After amending the punishment, the Supreme Court of Appeals maintained the legality of the anti-miscegenation laws and maintained the charges. Since Virginia’s ban on interracial marriage was a state categorization based purely on race, the Court dismissed Virginia’s objections and imposed severe scrutiny on its law prohibiting it in a decision penned by Chief Justice Warren. The Court did not consider the maintenance of racial equality to be a legitimate state aim to accept the forceful racial categorization, even though the law legally equally applied to all racial groups (in that members of any race cannot marry outside their race). The Virginian state’s goal of maintaining racial purity was only a misguided attempt to advance White supremacy, the Court noted, and state laws outlawing interracial marriage were a direct response to slavery.
The battle to end Jim Crow segregation and secure all Americans’ constitutional protections started in the courts, spread to the streets, and finally entered Congress. After more than 80 years of brutal killings, mass killings, assassinations, embarrassments, exclusion, discriminatory treatment, protest movements, rallies, bans, legislators’ discussions and obstructionism, racist court rulings, racist police abuse, and the complete failure of all lawful rights and protections, the effort was impactful. In 11 American states, Jim Crow brought in a totalitarian, racist culture. African Americans who lived in those states went through a lot of hardship and frustration during that period. Many thousands of people died, and many more lost the idea of equality and justice. As it has been rightly said by the former President of the United States Barack Obama, “Change will not come if we wait for some other person or some other time. We are the ones we’ve been waiting for. We are the change that we seek.”

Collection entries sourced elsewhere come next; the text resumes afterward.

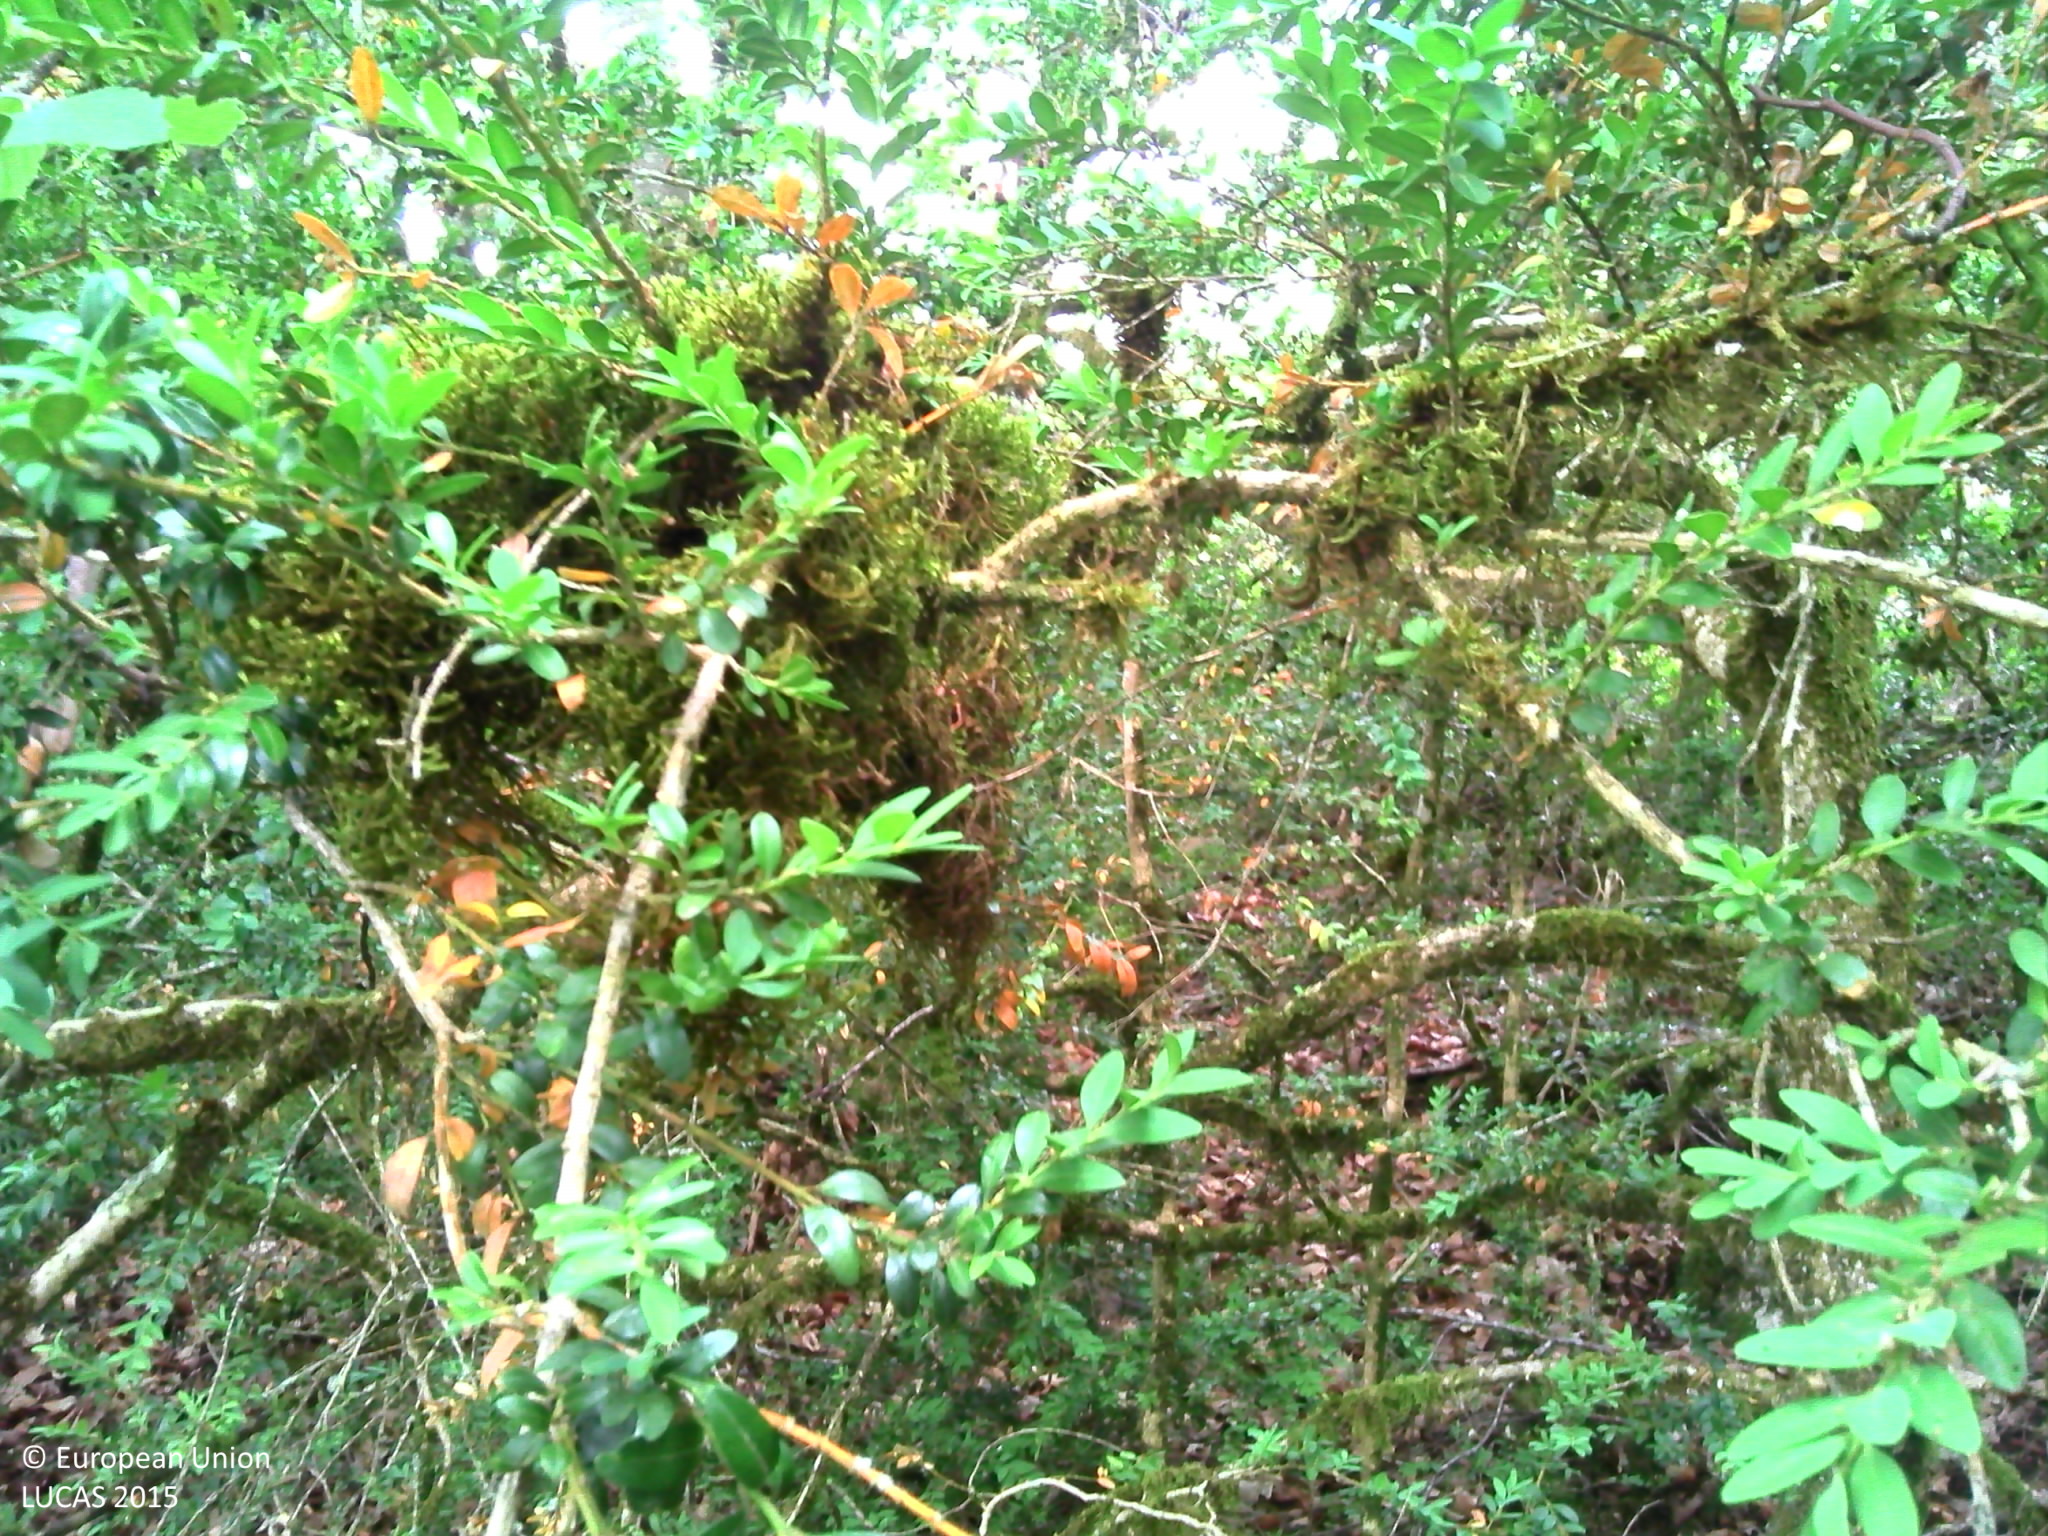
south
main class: Woodland
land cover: Broadleaved woodland
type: acidophilous oak and oak-birch forest
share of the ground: > 75 %
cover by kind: broadleaved forest trees 80 %, shrubs 10 %, herbaceous plants 5 %, lichens and mosses 5 %
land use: Forestry
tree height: > 5 m
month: July
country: FR
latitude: 44.4189
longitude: 2.9583

Frequently Asked Questions (FAQs)
What impact did Plessy v. Ferguson have on Jim Crow laws in the South?
On May 18, 1896, the US Supreme Court changed the course of history because on that date, the Court asserted state-imposed Jim Crow laws in its Plessy v. Ferguson “separate but equal” judgement. For the following fifty years, it served as the official justification for racial segregation in the United States.
How was the 14th Amendment a failure in protecting Black people?
The ability to exercise one’s rights in safety is a more limited understanding of civil rights. According to this concept, the Fourteenth Amendment’s reformers failed because, although giving African Americans the legal right to behave as full citizens, they were unable to do so without danger to their own lives and the lives of their families.
What was the difference between de facto and de jure segregation?
Legally speaking, racial segregation is defined as the division of societies into racial groups in accommodation, education, and other uses of public areas and civic life. It can either be sovereign from state actions, which means de jure or de facto, occurring due to natural preference or social circumstances. De jure segregation is regarded as unlawful in the US, necessitating a proactive solution. The state is not responsible for seeking recourse where segregation is recognized as de facto. Racial discrimination that is not required by law is known as “de facto segregation.” Individual preferences, biases, and social conventions are the causes. Despite the Civil Rights Act of 1964 ending de jure segregation, it still existed. Black people were still supposed to sit in the back of buses even after the practice was abolished. To make room for White people, they were instructed to stand by the edge of the road before catching buses. Establishments that were supposedly “separate but equal” were still functioning. African-American kids continued to experience harassment in US public schools due to White people’s continued support of de facto segregation.
- Leslie Tischauser, Jim Crow Laws, Greenwood, Landmarks of the American Mosaic (2012).
- Fremon David K, The Jim Crow Laws and Racism in United States History, Enslow Publishers (2014).